TÜRKİYE, GELİŞME YÖNÜNDE İLERLEMEYE DEVAM EDECEK
Yıldırım, Ramazan ayında Hatay ve Eskişehir'de vatandaşlarla buluştuğunu, toplam 2,5 milyar lira tutarındaki eserin halkın hizmetine sunulduğunu belirterek, konuşmasına şöyle devam etti:"Bayram öncesi, arife öncesi Bakanlar Kurulu'nda bir ilki gerçekleştirdik. Bakanlar Kurulu'nu millete açtık. Milletimiz canlı yayında Bakanlar Kurulu'nda ne konuşuluyor, bunu görme, izleme fırsatı buldu. Bir büyük müjdeyi o gün milletimizle paylaştık. Neydi o müjde? Türkiye'nin yatırımcısının yüzünü güldürecek, gereksiz yüklerden kurtaracak, iş kurmayı kolaylaştıracak, Damga Vergisi gibi bir uygulamayı büyük bir sorun olmaktan çıkaracak, çek denen bir ödeme aracı daha güvenli hale getirecek, iflas erteleme gibi hileleri ortadan kaldıracak ve daha da ötesi işçiden memura, şehit yakınından çiftçiye, esnaftan büyük yatırımcıya herkesin yüzünü güldürecek çok önemli kararlar aldık. Bu kararlarla zaten var olan, iyi giden ekonomimiz daha da güzelleşecek ve Türkiye kalkınma yönünde, gelişme yönünde emin adımlarla ilerlemeye devam edecek."

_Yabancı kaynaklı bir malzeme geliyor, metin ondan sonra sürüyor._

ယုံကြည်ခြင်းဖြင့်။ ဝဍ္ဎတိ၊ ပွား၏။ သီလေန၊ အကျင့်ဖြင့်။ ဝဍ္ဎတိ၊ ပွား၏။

ATATÜRK HAVALİMANI'NDA UÇUŞ REKORU
Başbakan Binali Yıldırım, Atatürk Havalimanı'ndaki terör saldırısını anımsatarak, "Türkiye mahvoldu. Artık turizm biter, Türkiye bir daha ayağa kalkamaz' dediler. Bu ülkeyi, bu milleti tanımayanlar, bir kez daha yanıldılar. Atatürk Havalimanı'nda, bayramın son gününde, cumhuriyet tarihinin rekor uçak inişi ve kalkışı gerçekleşti." dedi.
Atatürk Havalimanı'ndan Ramazan Bayramı'nın son günü Cumhuriyet tarihinin rekoru kırıldığını ve o gün tam bin 443 uçuş-kalkış gerçekleştiğini ifade eden Yıldırım, "13 yıl önce, AK Parti iktidara gelmeden önce Türkiye'nin bütün hava sahasındaki uçak sayısı bin 100'dü, sadece Atatürk Havalimanı'nda bir günde bin 443 uçak indi ve kalktı. İşte Türkiye bu, Türkiye'yi terörle yıldırmak isteyenler bir kez daha Türkiye'nin gücünü görmüş oldu." diye konuştu.

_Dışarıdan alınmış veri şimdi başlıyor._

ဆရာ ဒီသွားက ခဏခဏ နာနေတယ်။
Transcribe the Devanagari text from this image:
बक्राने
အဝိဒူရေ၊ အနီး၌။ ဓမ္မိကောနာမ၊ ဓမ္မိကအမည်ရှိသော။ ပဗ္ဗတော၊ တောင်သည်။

Sabiha Gökçen Havalimanı'nda rekor kırıldığını ve aynı gün 785 uçak trafiğinin gerçekleştiğini aktaran Başbakan Yıldırım, bu rekorların havalimanı saldırısından sonra yaşandığını bildirdi.
Brüksel'deki saldırı sonrası, söz konusu havaalanının 10 gün kapalı kaldığını, Atatürk Havalimanı'nın ise saldırının ardından gece saat 02.00' de tekrar normal hizmetine döndüğünü vurgulayan Yıldırım, "Bu Türkiye'nin gücüdür, Türkiye'nin her türlü olağanüstü duruma karşı her zaman hazır olduğunun göstergesidir." ifadesini kullandı.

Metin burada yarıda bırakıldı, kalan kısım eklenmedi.